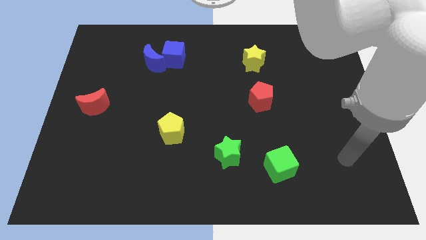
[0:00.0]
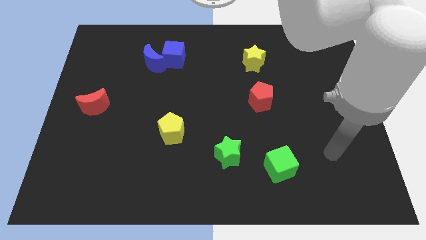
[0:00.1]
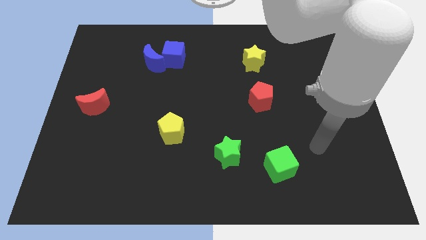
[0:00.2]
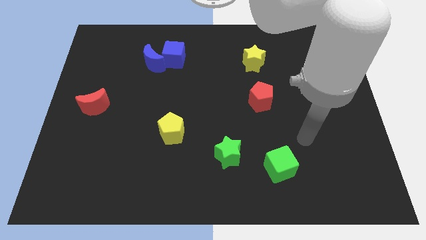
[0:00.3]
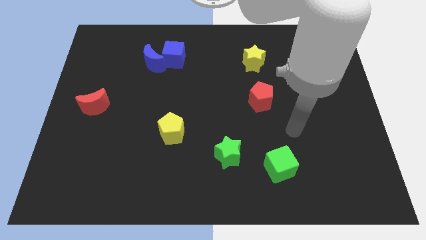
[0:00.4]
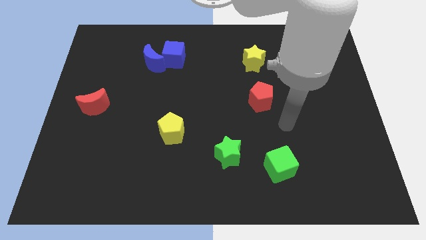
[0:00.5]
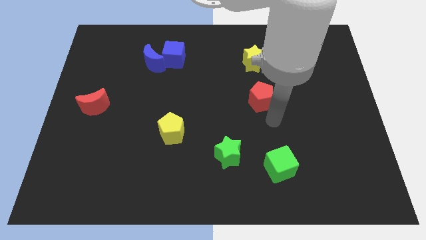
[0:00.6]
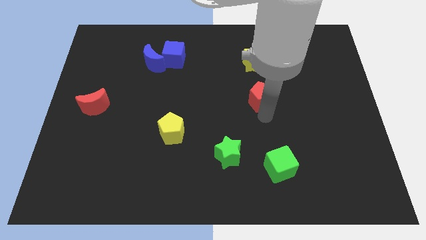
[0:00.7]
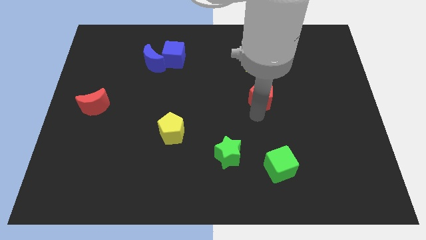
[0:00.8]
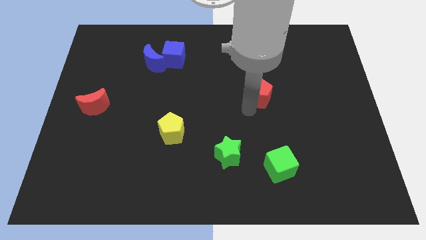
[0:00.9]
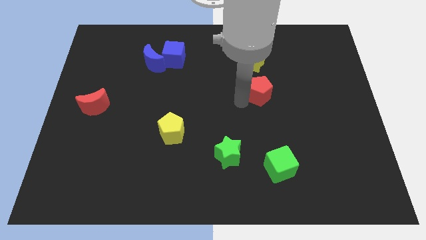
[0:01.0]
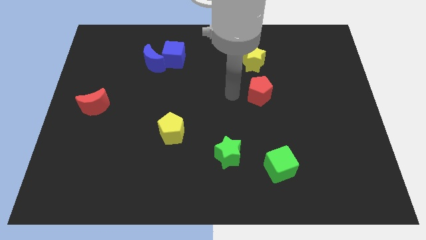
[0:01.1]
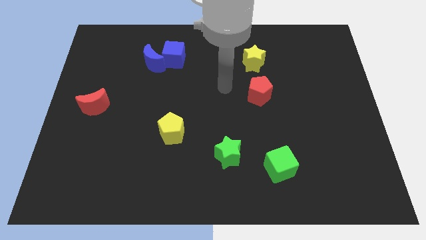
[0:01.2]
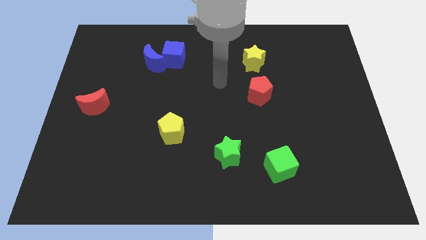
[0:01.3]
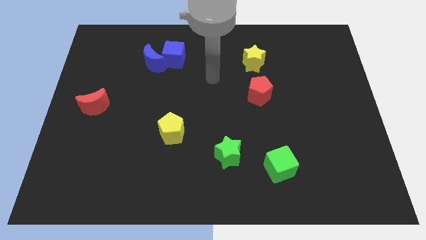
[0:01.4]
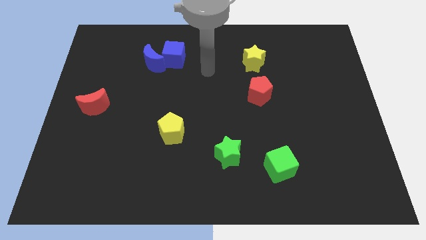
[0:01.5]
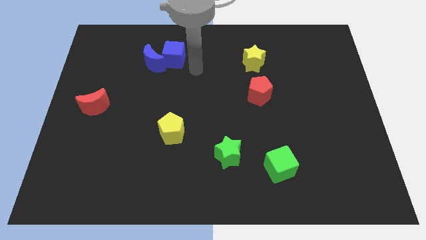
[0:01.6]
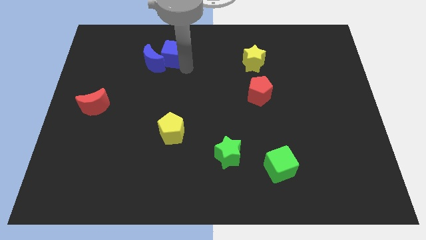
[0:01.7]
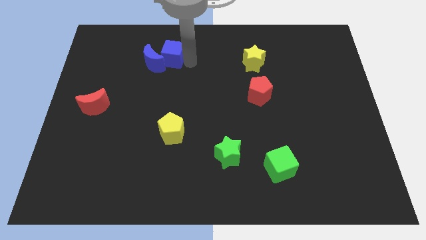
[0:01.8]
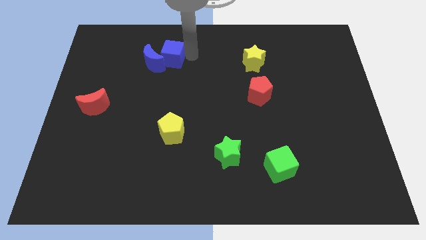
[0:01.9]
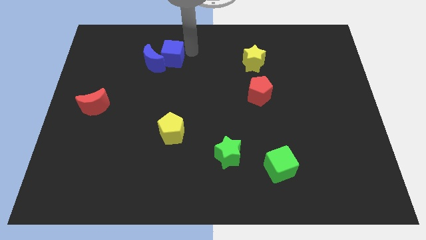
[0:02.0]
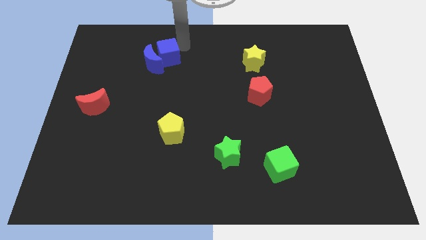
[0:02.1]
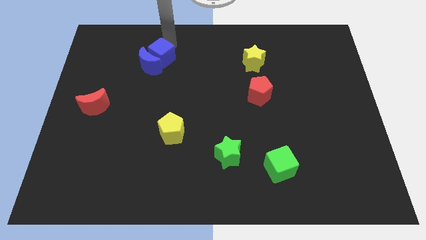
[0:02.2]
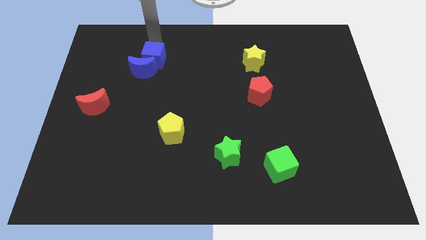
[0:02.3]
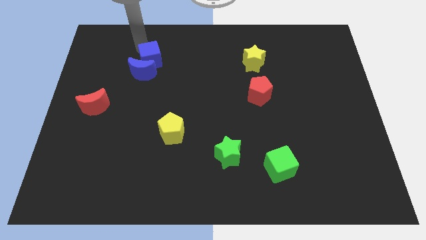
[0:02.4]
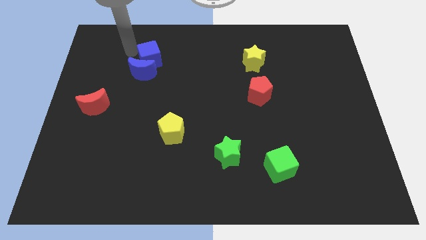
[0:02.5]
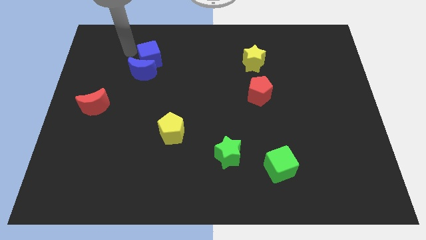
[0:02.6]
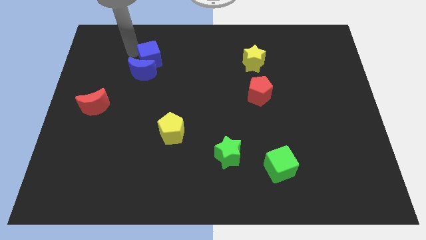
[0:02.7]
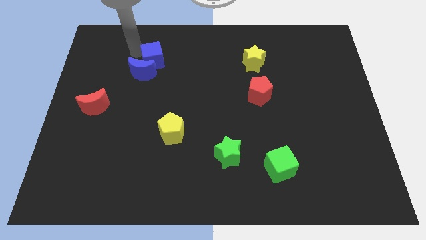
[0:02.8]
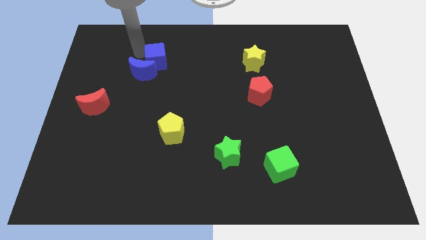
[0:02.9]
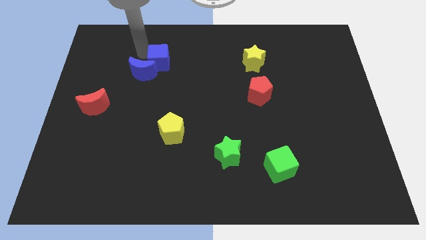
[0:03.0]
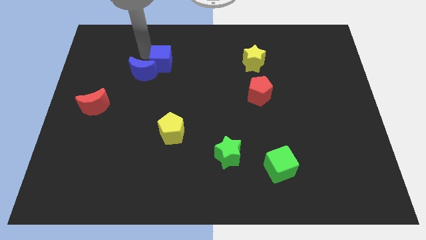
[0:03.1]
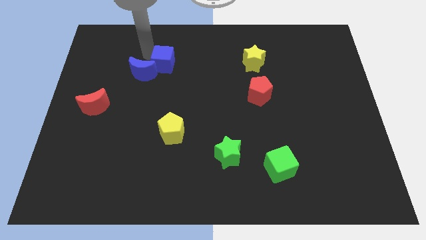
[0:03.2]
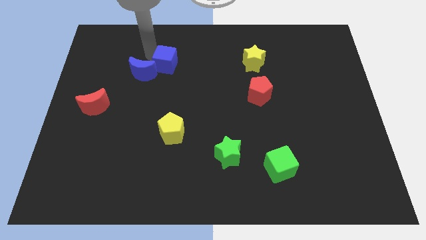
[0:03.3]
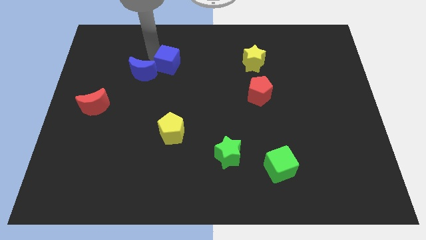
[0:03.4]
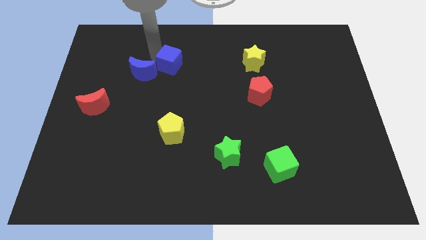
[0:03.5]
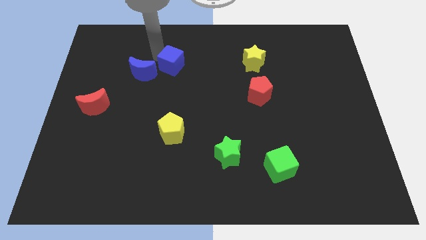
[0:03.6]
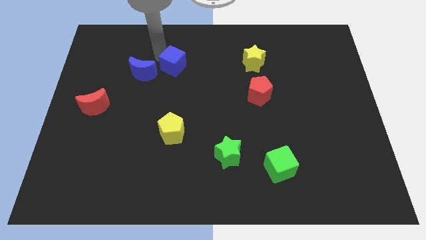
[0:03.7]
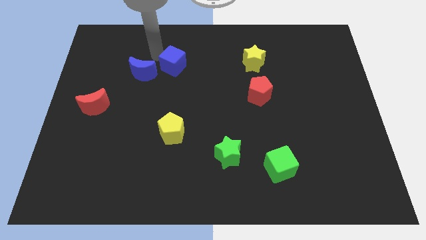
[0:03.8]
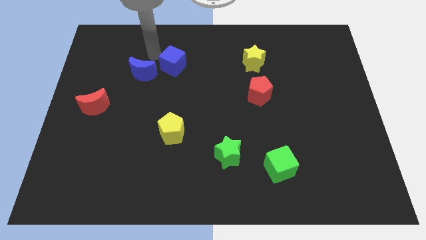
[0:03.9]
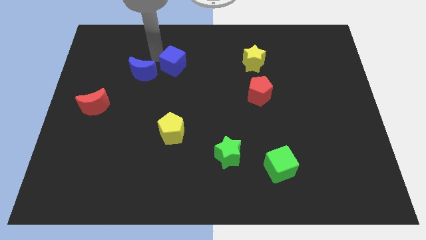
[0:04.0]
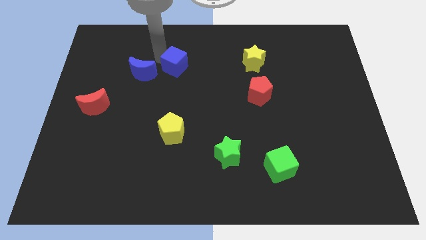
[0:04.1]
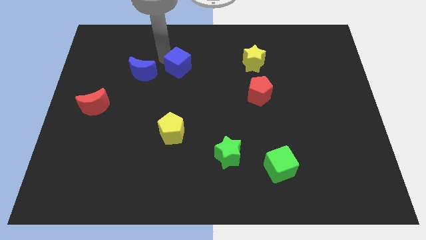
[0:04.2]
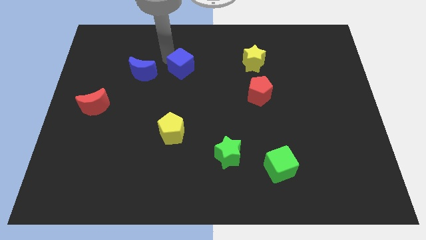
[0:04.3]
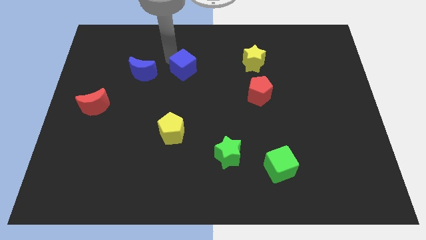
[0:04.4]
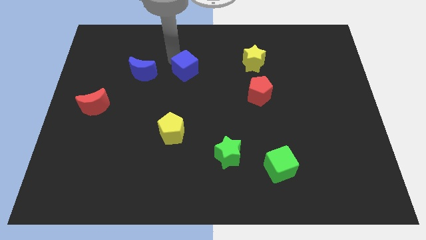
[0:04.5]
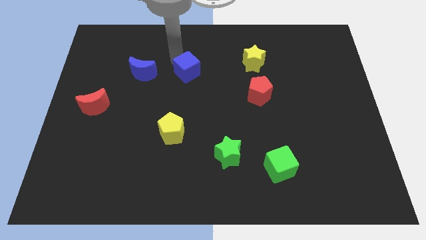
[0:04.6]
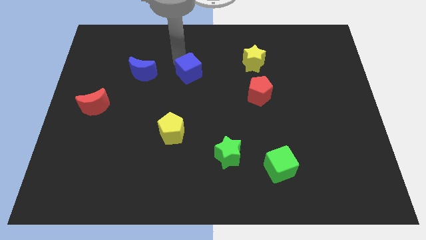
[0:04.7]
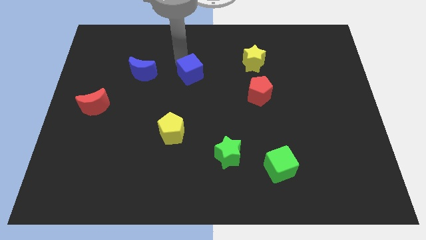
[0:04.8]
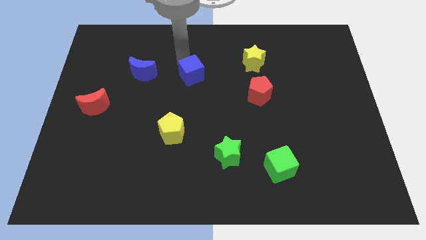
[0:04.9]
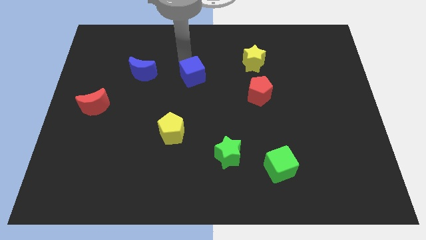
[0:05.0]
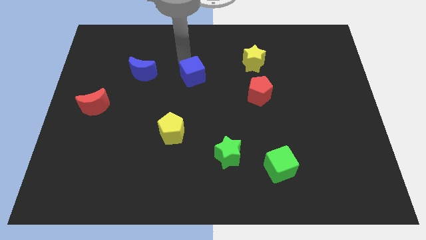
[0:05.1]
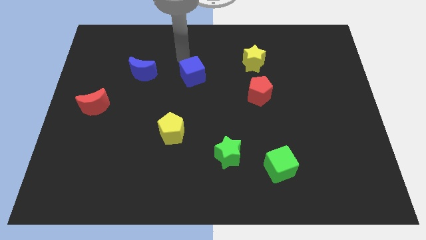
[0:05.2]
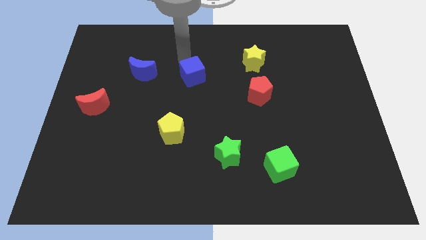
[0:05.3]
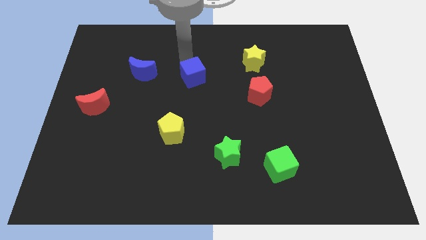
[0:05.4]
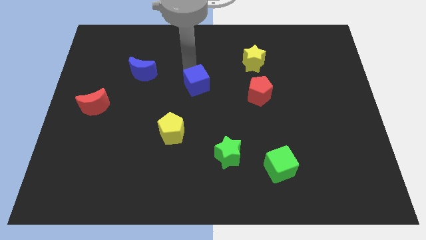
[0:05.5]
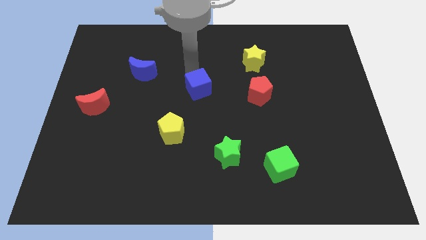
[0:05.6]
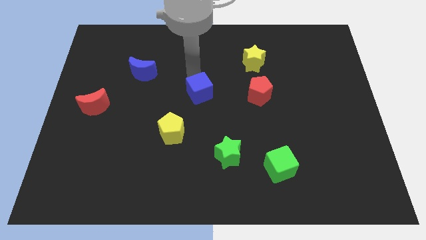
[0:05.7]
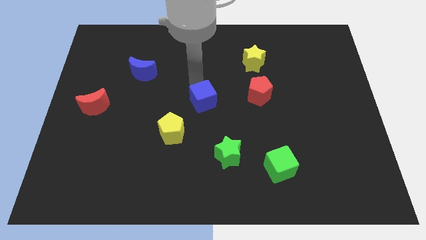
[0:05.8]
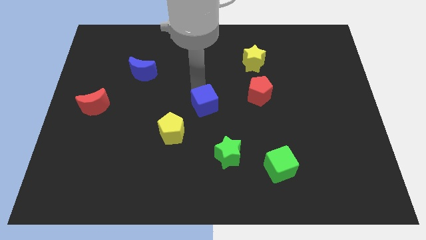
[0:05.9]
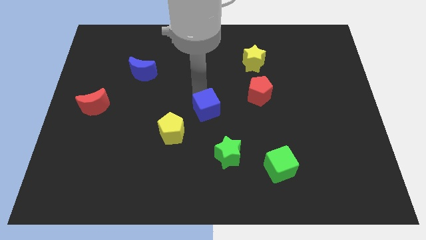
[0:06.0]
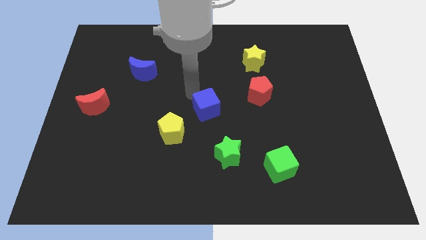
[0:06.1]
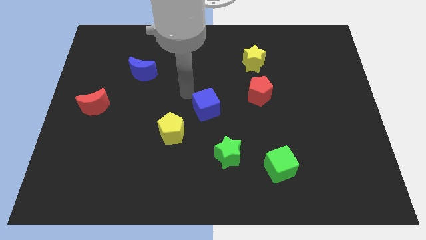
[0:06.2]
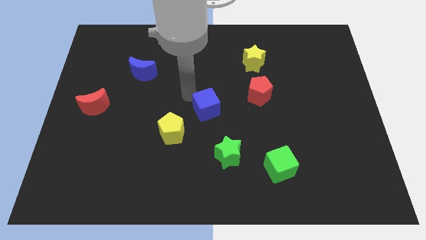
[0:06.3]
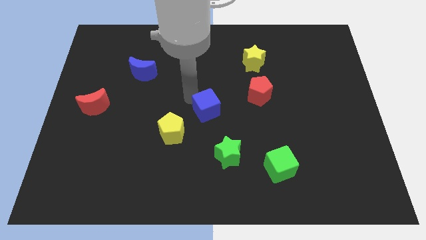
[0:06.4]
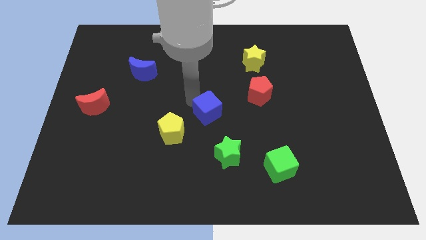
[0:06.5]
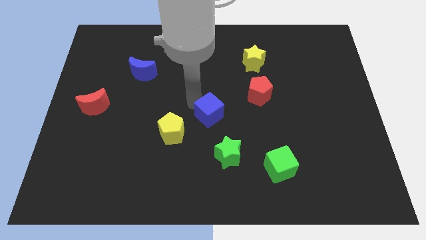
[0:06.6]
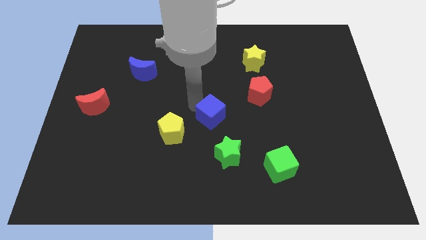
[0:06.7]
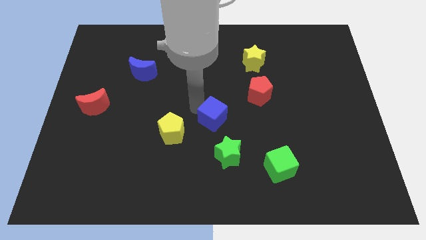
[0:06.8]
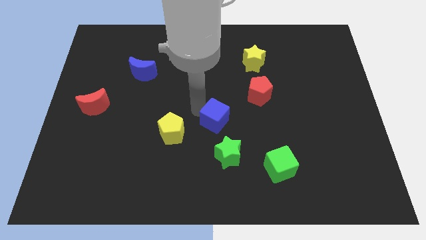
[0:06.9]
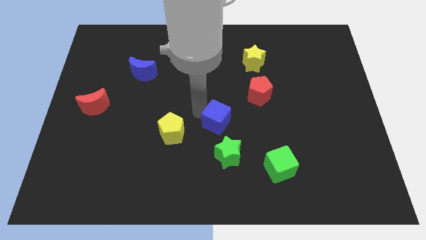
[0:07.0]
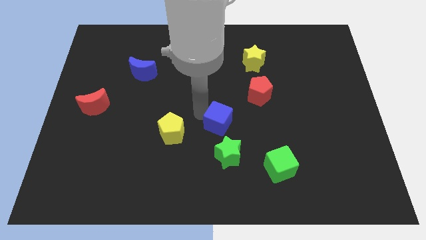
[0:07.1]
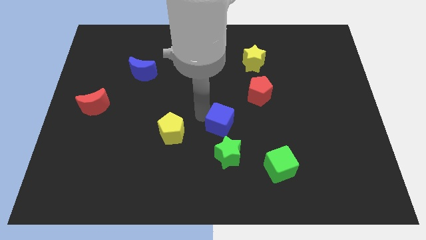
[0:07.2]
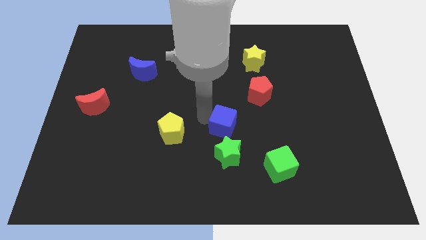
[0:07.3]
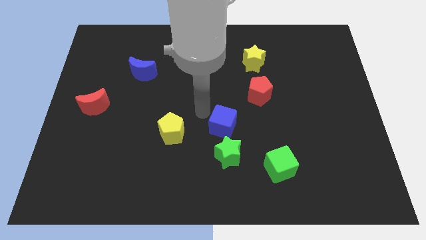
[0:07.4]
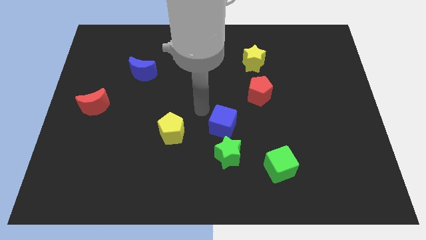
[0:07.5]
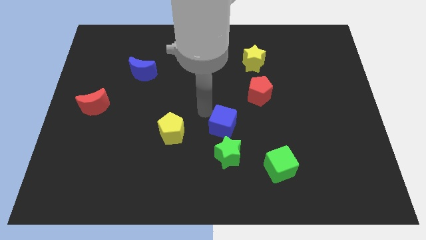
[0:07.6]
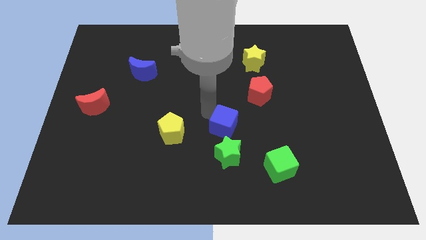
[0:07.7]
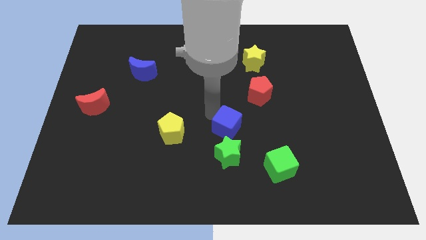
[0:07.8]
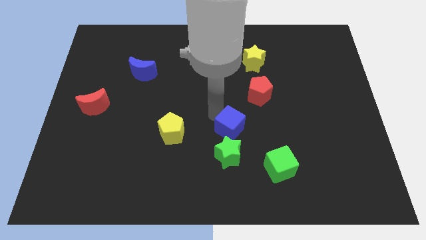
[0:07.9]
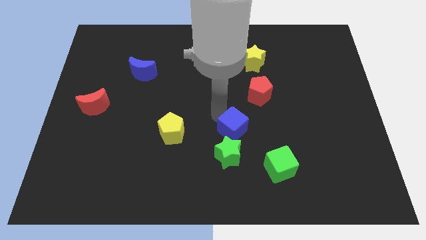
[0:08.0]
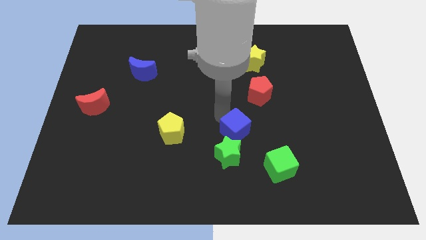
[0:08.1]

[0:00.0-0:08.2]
put the blue cube diagonally up and to the left of the green cube
# # # #
* [What to work on] Do not include images; quote all of the entries above exactly.

* [Exercise output]
[0:00.0]
[0:00.1]
[0:00.2]
[0:00.3]
[0:00.4]
[0:00.5]
[0:00.6]
[0:00.7]
[0:00.8]
[0:00.9]
[0:01.0]
[0:01.1]
[0:01.2]
[0:01.3]
[0:01.4]
[0:01.5]
[0:01.6]
[0:01.7]
[0:01.8]
[0:01.9]
[0:02.0]
[0:02.1]
[0:02.2]
[0:02.3]
[0:02.4]
[0:02.5]
[0:02.6]
[0:02.7]
[0:02.8]
[0:02.9]
[0:03.0]
[0:03.1]
[0:03.2]
[0:03.3]
[0:03.4]
[0:03.5]
[0:03.6]
[0:03.7]
[0:03.8]
[0:03.9]
[0:04.0]
[0:04.1]
[0:04.2]
[0:04.3]
[0:04.4]
[0:04.5]
[0:04.6]
[0:04.7]
[0:04.8]
[0:04.9]
[0:05.0]
[0:05.1]
[0:05.2]
[0:05.3]
[0:05.4]
[0:05.5]
[0:05.6]
[0:05.7]
[0:05.8]
[0:05.9]
[0:06.0]
[0:06.1]
[0:06.2]
[0:06.3]
[0:06.4]
[0:06.5]
[0:06.6]
[0:06.7]
[0:06.8]
[0:06.9]
[0:07.0]
[0:07.1]
[0:07.2]
[0:07.3]
[0:07.4]
[0:07.5]
[0:07.6]
[0:07.7]
[0:07.8]
[0:07.9]
[0:08.0]
[0:08.1]

[0:00.0-0:08.2]
put the blue cube diagonally up and to the left of the green cube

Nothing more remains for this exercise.